Your job is to copy every record exactly.

++++++++

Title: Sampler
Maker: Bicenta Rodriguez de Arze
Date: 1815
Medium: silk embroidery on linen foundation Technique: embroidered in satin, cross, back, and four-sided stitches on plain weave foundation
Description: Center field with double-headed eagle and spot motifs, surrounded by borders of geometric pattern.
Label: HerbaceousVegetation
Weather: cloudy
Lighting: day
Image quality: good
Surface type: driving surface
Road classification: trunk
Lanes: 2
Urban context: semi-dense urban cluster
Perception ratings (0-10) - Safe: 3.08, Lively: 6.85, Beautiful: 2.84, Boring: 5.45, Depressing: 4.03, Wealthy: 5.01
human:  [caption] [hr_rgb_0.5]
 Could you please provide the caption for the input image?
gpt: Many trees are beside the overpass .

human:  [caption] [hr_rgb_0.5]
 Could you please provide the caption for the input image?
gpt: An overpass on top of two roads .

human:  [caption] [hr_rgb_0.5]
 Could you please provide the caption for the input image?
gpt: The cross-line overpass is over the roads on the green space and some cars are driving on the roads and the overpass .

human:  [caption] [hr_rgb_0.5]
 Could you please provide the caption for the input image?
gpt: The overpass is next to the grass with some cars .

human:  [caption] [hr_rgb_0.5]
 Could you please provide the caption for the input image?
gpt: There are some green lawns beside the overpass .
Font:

++++++++

- Written answer:
Title: Sampler
Maker: Bicenta Rodriguez de Arze
Date: 1815
Medium: silk embroidery on linen foundation Technique: embroidered in satin, cross, back, and four-sided stitches on plain weave foundation
Description: Center field with double-headed eagle and spot motifs, surrounded by borders of geometric pattern.
Label: HerbaceousVegetation
Weather: cloudy
Lighting: day
Image quality: good
Surface type: driving surface
Road classification: trunk
Lanes: 2
Urban context: semi-dense urban cluster
Perception ratings (0-10) - Safe: 3.08, Lively: 6.85, Beautiful: 2.84, Boring: 5.45, Depressing: 4.03, Wealthy: 5.01
human:  [caption] [hr_rgb_0.5]
 Could you please provide the caption for the input image?
gpt: Many trees are beside the overpass .

human:  [caption] [hr_rgb_0.5]
 Could you please provide the caption for the input image?
gpt: An overpass on top of two roads .

human:  [caption] [hr_rgb_0.5]
 Could you please provide the caption for the input image?
gpt: The cross-line overpass is over the roads on the green space and some cars are driving on the roads and the overpass .

human:  [caption] [hr_rgb_0.5]
 Could you please provide the caption for the input image?
gpt: The overpass is next to the grass with some cars .

human:  [caption] [hr_rgb_0.5]
 Could you please provide the caption for the input image?
gpt: There are some green lawns beside the overpass .
Font:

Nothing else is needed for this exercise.